I was reading TIME magazine end of year List Issue (Americans love lists, but that’s another posting), which of course, always includes the top 10 buzzwords of the year. I knew most (like “staycation” and “puma”) and had to look up a few (apparently “nuke the fridge”  is the new “jump the shark”).  

Playing with language is fun for Americans. Not so for other cultures. The French, for example, take their language extremely seriously. The Académie Française, founded in 1635, is the guardian of the language. They will not let you just bring any old word into the French language. Changes in usage, vocabulary or grammar have to be discussed, debated and approved.

The Japanese are also wary of foreign or new words. The Japanese have 3 wrting systems: Kanji,  Hiragana  and Katakana. Katakana is used for  words adopted from foreign languages. The Japanese will use these words, but they are clearly marked as foreign because they are written in katakana.

English not only creates new words and word forms, but happily blends languages as well. Anyone who lives in New York City is fairly familiar with Spanglish.  Everyone is welcome to create blends that reflects their cultures and languages, like when I tell my (Jewish/Dominican) daughter “Ay! Que shaina punim tu tienes! ”   

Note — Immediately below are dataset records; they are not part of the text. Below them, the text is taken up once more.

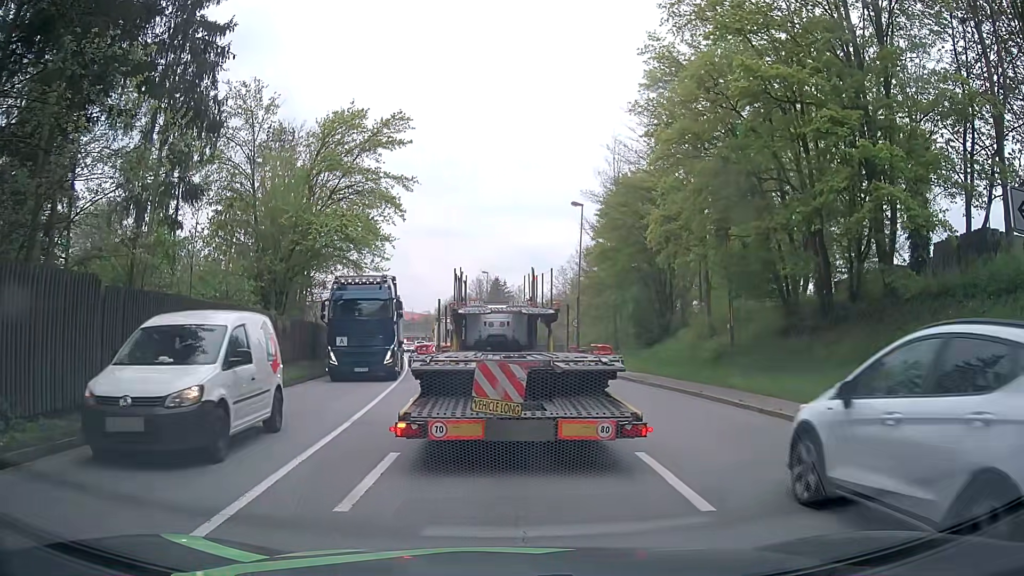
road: primary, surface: asphalt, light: Day
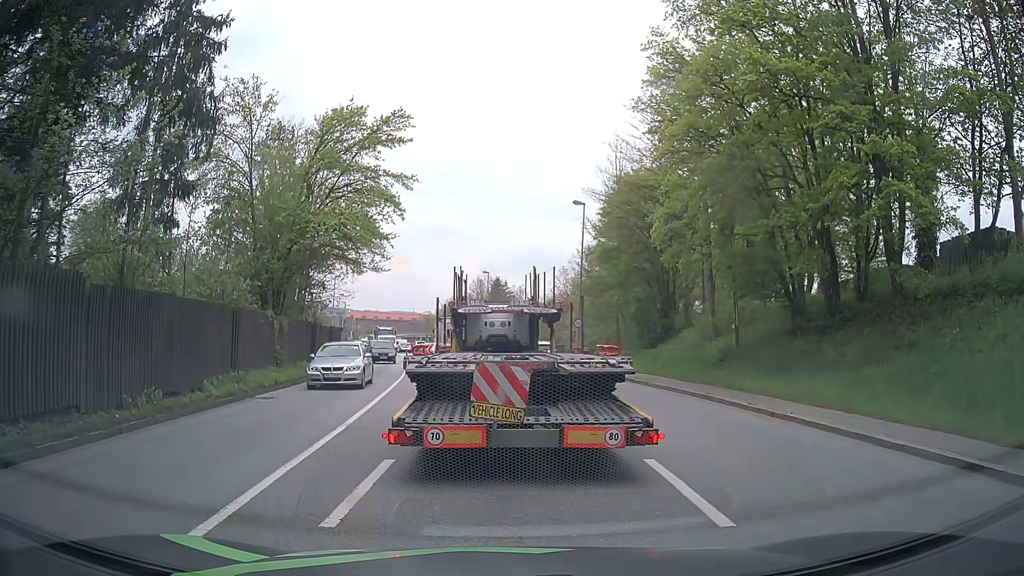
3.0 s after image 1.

As I have said and will say again (and again), language and culture can’t be separated. American English is like America: open, creative, often valuing the new over the traditional. The French view foreign and new words as questionable: Do they meet our cultural standards? And, with the Japanese, you can join the language but you will always be marked (through katakana) as an outsider.

Some linguistic conservatives, it’s true, don’t like all this blending, creating and mixing.  I love it.